$2,1,3,4,7,11,...$ for $n=0,1,2,3,4,...$; It is the Lucas numbers
Let the sum of the cube of Lucas series be $S_L$
$n\ge3$
$S_L=2^3+1^3+3^3+4^3+\cdots+L_n^3$,
show that it has a form of $S_L=L_n^2L_{n+1}-L_1L_2L_3-L_2L_3L_4-\cdots-L_{n-2}L_{n-1}L_n$
I try: I can't think of any simple identities to use.
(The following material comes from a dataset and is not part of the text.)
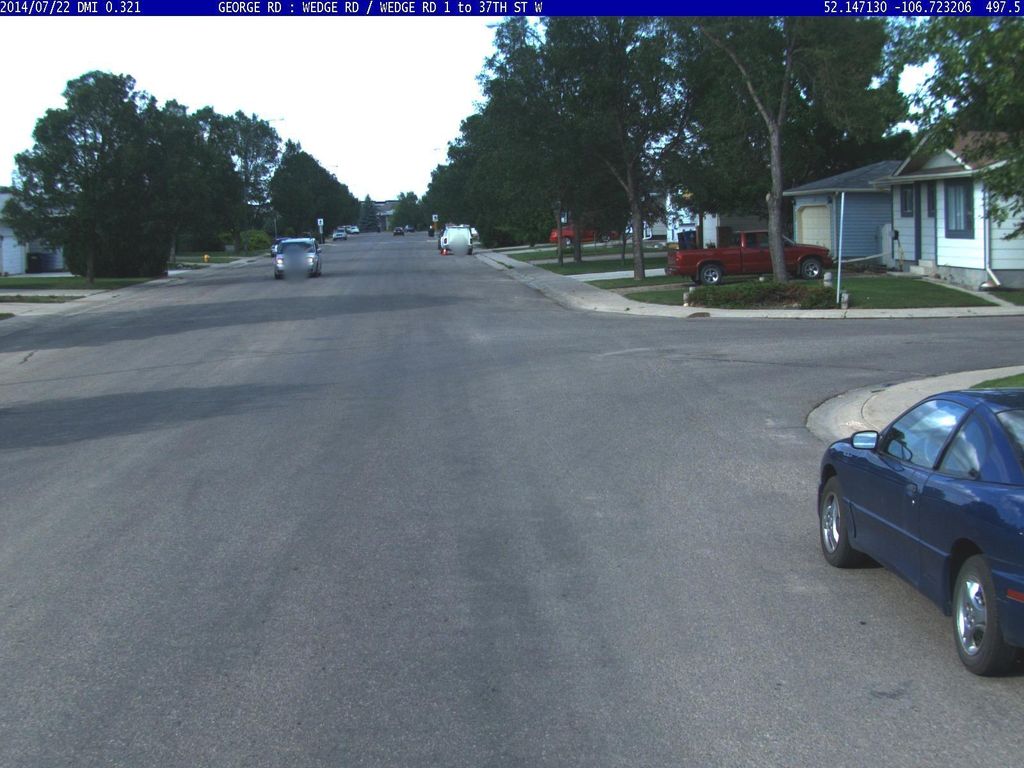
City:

This is the only one might have some sort of link to it,
$L_{n+1}^3+L_{n+2}^3={L_{n+3}\over 2}(L_n^2+L_{n+1}^2+L_{n+2}^2)$
Any further hints?
In the given form, we can easily prove it via induction. Verify the case $n = 3$ by hand, and for $n \geqslant 4$, use the recurrence to get
\begin{align} L_n^2L_{n+1} &= L_n^2(L_n + L_{n-1}) \\ &= L_n^3 + L_nL_{n-1}L_n \\ &= L_n^3 + L_nL_{n-1}(L_{n-1} + L_{n-2}) \\ &= L_n^3 + L_{n-1}^2L_n + L_nL_{n-1}L_{n-2}, \end{align}
and thus with the induction hypothesis
\begin{align} \sum_{k = 0}^n L_k^3 &= \Biggl(\sum_{k = 0}^{n-1} L_k^3\Biggr) + L_n^3 \\ &= \Biggl(L_{n-1}^2 L_n - \sum_{m = 1}^{n-3} L_mL_{m+1}L_{m+2}\Biggr) + L_n^3 \tag{I.H.} \\ &= \Biggl(L_{n-1}^2 L_n - \sum_{m = 1}^{n-3} L_mL_{m+1}L_{m+2}\Biggr) + \bigl(L_n^2L_{n+1} - L_{n-1}^2L_n - L_{n-2}L_{n-1}L_n\bigr) \tag{see above} \\ &= L_n^2L_{n+1} - \sum_{m = 1}^{n-2} L_mL_{m+1}L_{m+2}. \end{align}